Je vais vous donner un seul exemple d’innovation, qui provient du pays que je connais le mieux : l’application irlandaise « Herdwatch » aide les éleveurs de bovins à gérer leurs troupeaux conformément aux règles européennes, facilement et rapidement.

Comment l’UE peut-elle aider les pays en développement en ce qui concerne l’agriculture ? Les chercheurs européens peuvent-ils collaborer avec ces pays ? Comment la recherche dans ces pays pourrait-elle bénéficier des programmes européens ?

Les programmes européens ciblent déjà les petits exploitants, qui représentent la plus grande partie du secteur agricole dans les pays en développement. Ils offrent par exemple des formations professionnelles afin d’améliorer les connaissances et les techniques agricoles.

L’UE promeut également la recherche scientifique dans certains domaines particulièrement importants pour ces pays, renforçant leur capacité à concevoir et mettre en place des programmes de recherche collectifs, comme ceux qui ont été mis en place en Europe, pionnière en la matière.

L’UE offre également son aide via une série d’autres moyens stratégiques et liés à l’information. La Banque européenne d’investissement fait par exemple du très bon travail en ce qui concerne le développement d’instruments financiers ciblés et efficaces dans ces pays. Nombre de ces instruments fonctionnent déjà très bien et ont des résultats positifs.

En ce qui concerne la chaîne des valeurs, les pays en développement seront-ils en mesure de bénéficier équitablement du commerce international ? Comment l’UE peut-elle s’assurer que ses politiques commerciales n’entraveront pas le développement ?
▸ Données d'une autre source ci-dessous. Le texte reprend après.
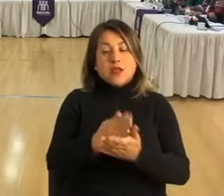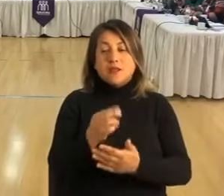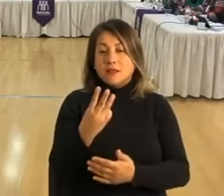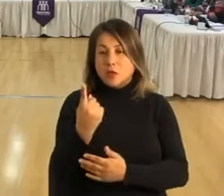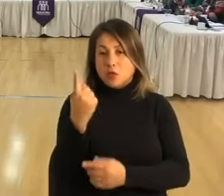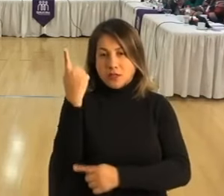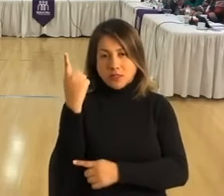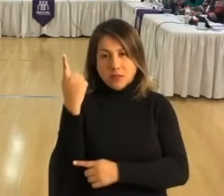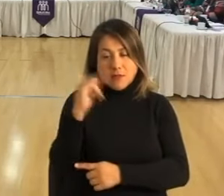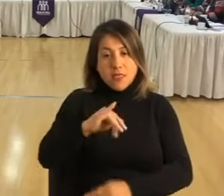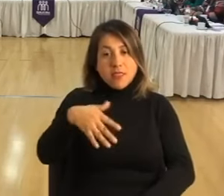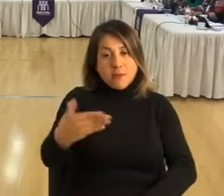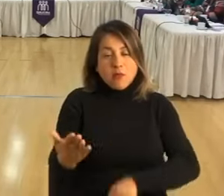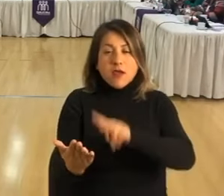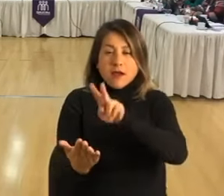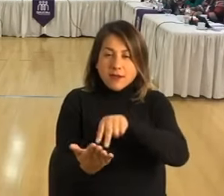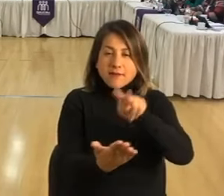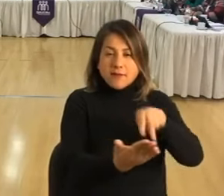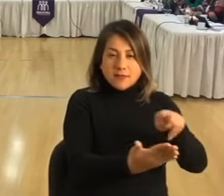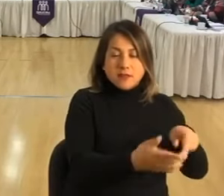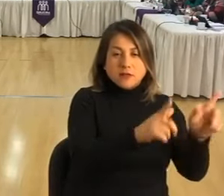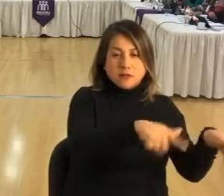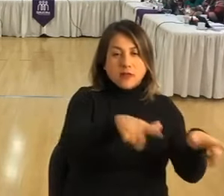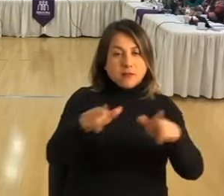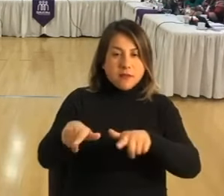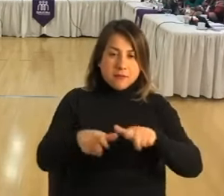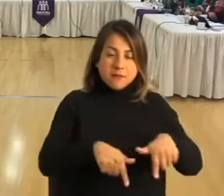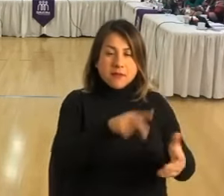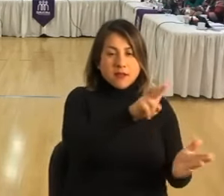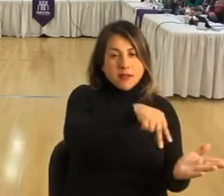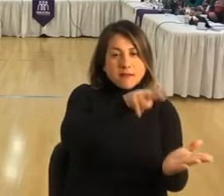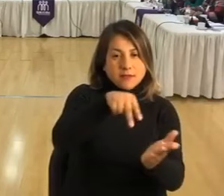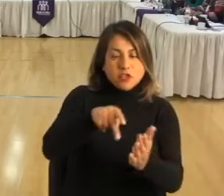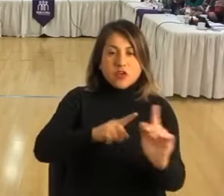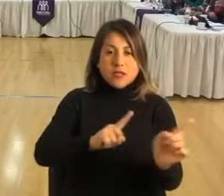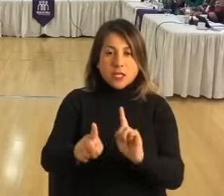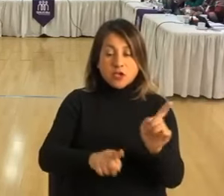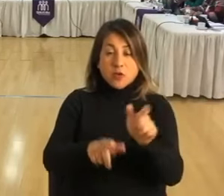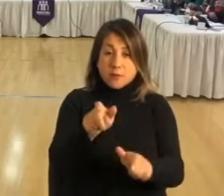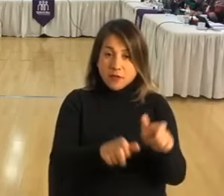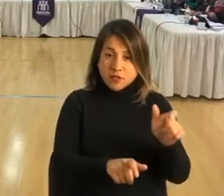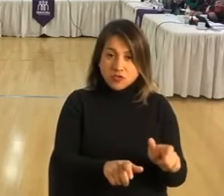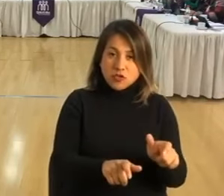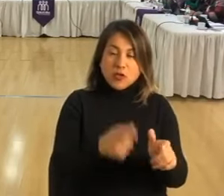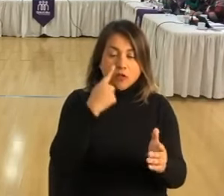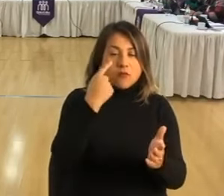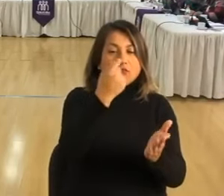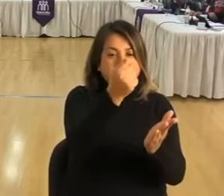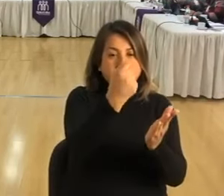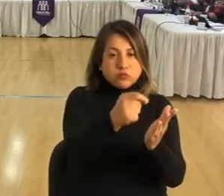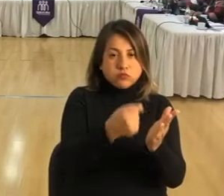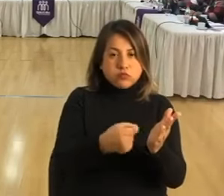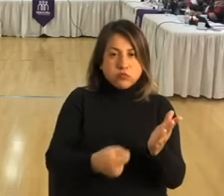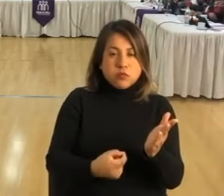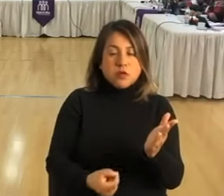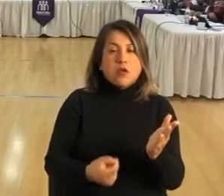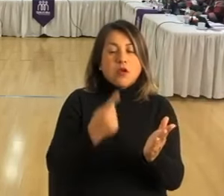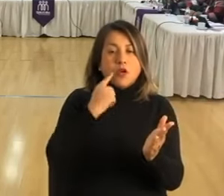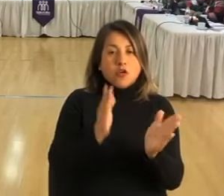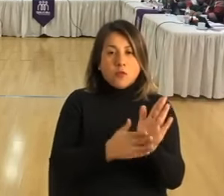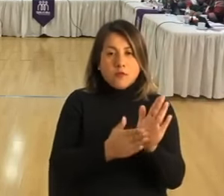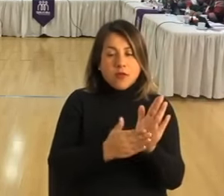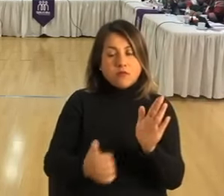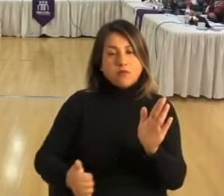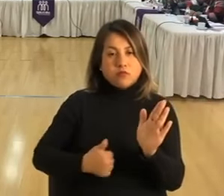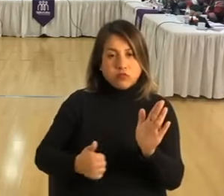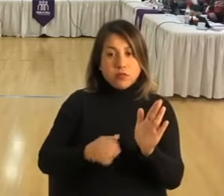Pero después debe de revisarse por parte de la dirección pertinente que esto es de gestión de las personas y ella debe comprobar la legalidad del mismo. Y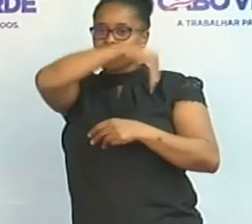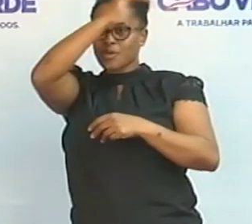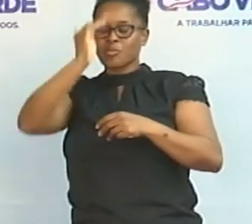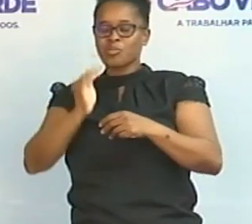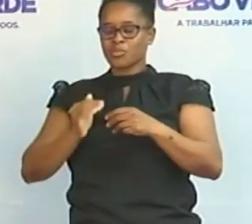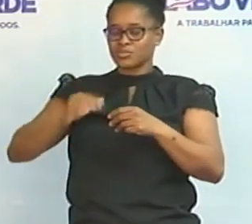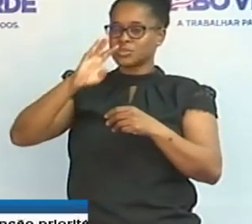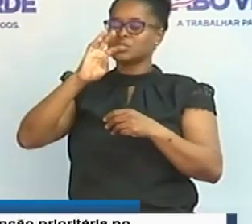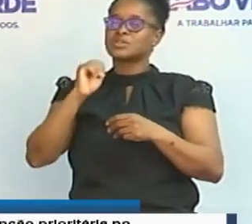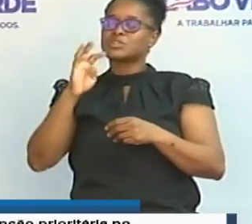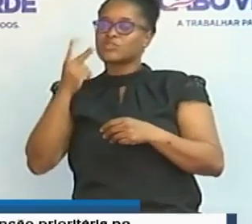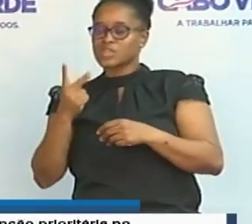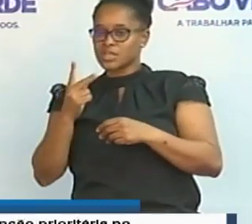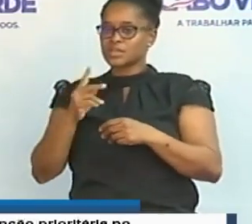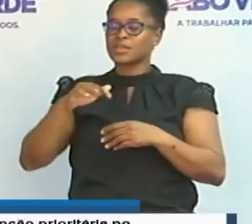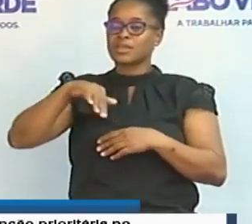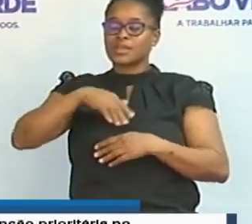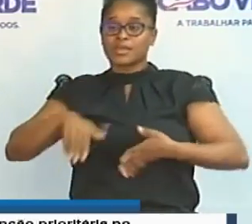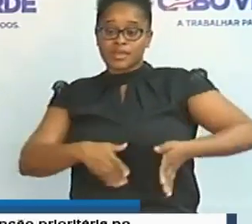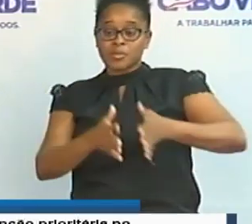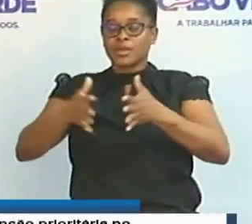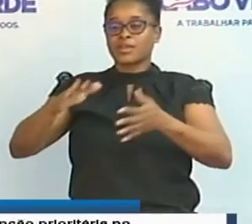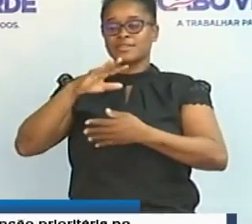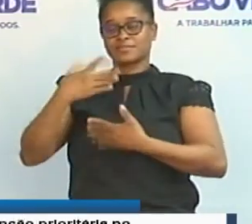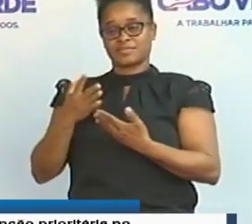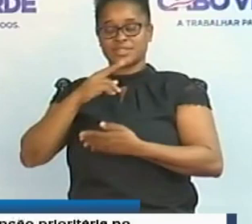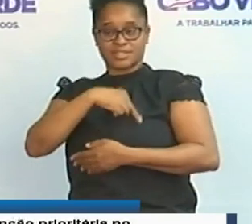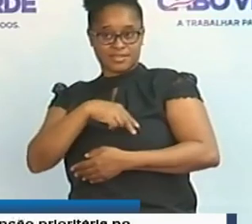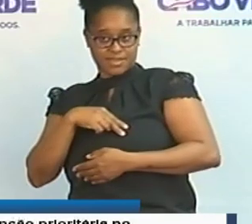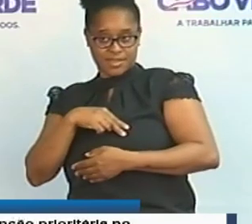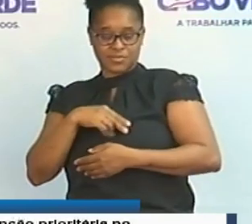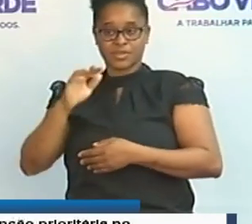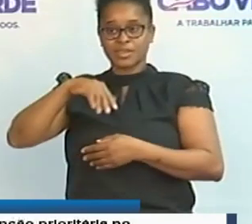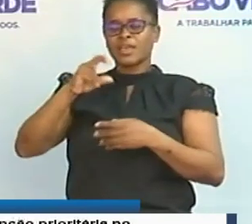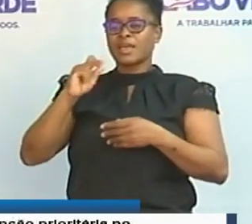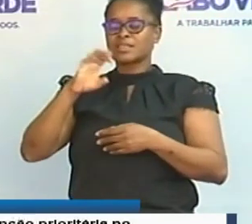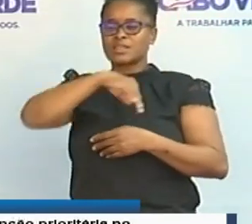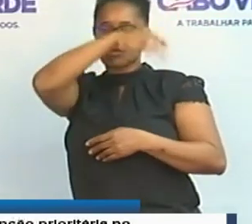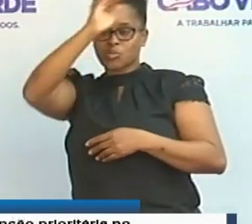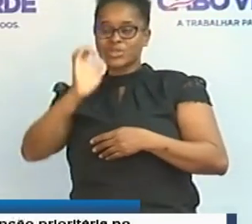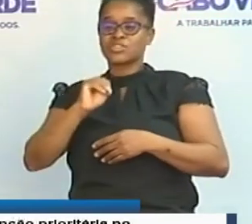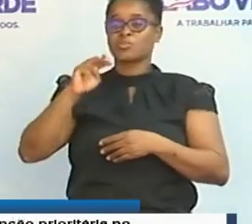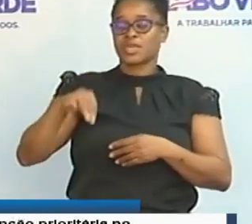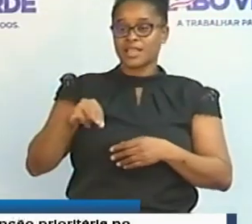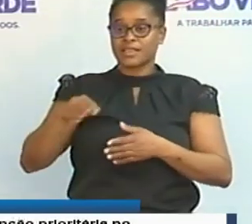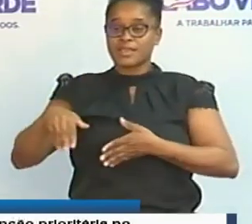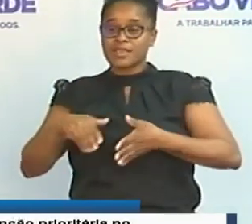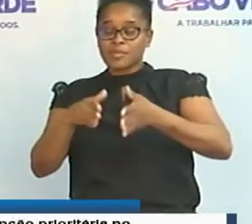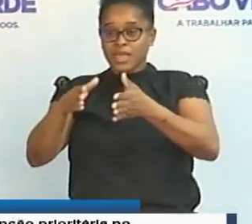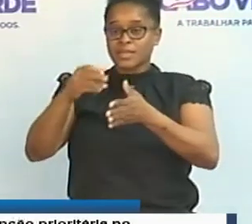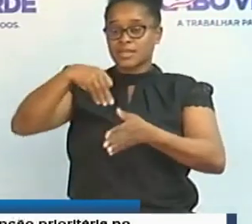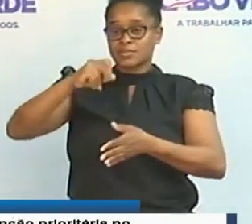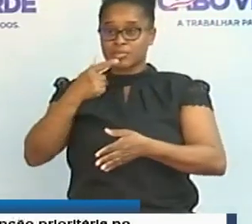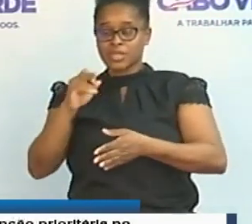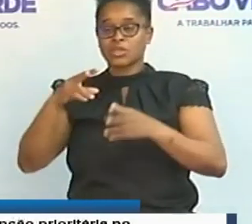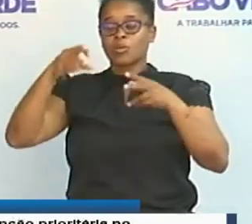Sossego, em São Vicente, Ribeira Grande, Santiago, Achada Monte, em São Miguel, Ribeira das Patas,

Il faut trouver un équilibre délicat entre d’un côté l’ouverture de nouveaux marchés pour nos produits européens de grande qualité, sûrs et durables et de l’autre l’accès équitable des pays en développement aux marchés mondiaux. Cet équilibre se mettra en place grâce à des compromis et des négociations qui mèneront à des accords commerciaux intelligents et durables. 

Ces dernières années, l’UE a négocié plusieurs accords de libre-échange, notamment avec les pays d’Amérique centrale, la Corée du Sud, le Maroc, le Pérou, la Colombie et, plus récemment, le Canada et le Vietnam.

Nous devons aussi absolument réfléchir ensemble au niveau international. Pour ne donner qu’un exemple, nous pouvons continuer à renforcer le système d’information sur les marchés agricoles et améliorer la contribution de la rencontre annuelle des principaux scientifiques spécialisés dans l’agriculture.

La Commission encouragera-t-elle l’agro-industrie européenne à investir dans les pays en développement ?

Oui. Encourager l’industrie agricole européenne à profiter du potentiel des pays en développement est une stratégie gagnant-gagnant.  L’investissement dans le potentiel de l’agriculture de ces pays génèrera de la richesse et est la manière la plus directe de sortir les agriculteurs de la pauvreté. Cela crée donc de la croissance, ce qui engendrera une nouvelle génération de consommateurs pour les exportations agricoles européennes.

L’amélioration de la gouvernance et des pratiques agricoles dans les pays en développement doit être secondée par l’investissement, et notamment l’investissement privé. Je collabore donc avec les collègues Neven Mimica [coopération internationale et développement] et Elzbieta Bienkowska [marché intérieur, industrie, entrepreneuriat et PME] pour encourager le secteur agricole européen à investir dans les pays en développement, étant donné leur fort potentiel de croissance de la production et les opportunités de recherche et d’innovation.

J’estime que cette approche stratégique du commerce peut être le moteur de notre prospérité commune future.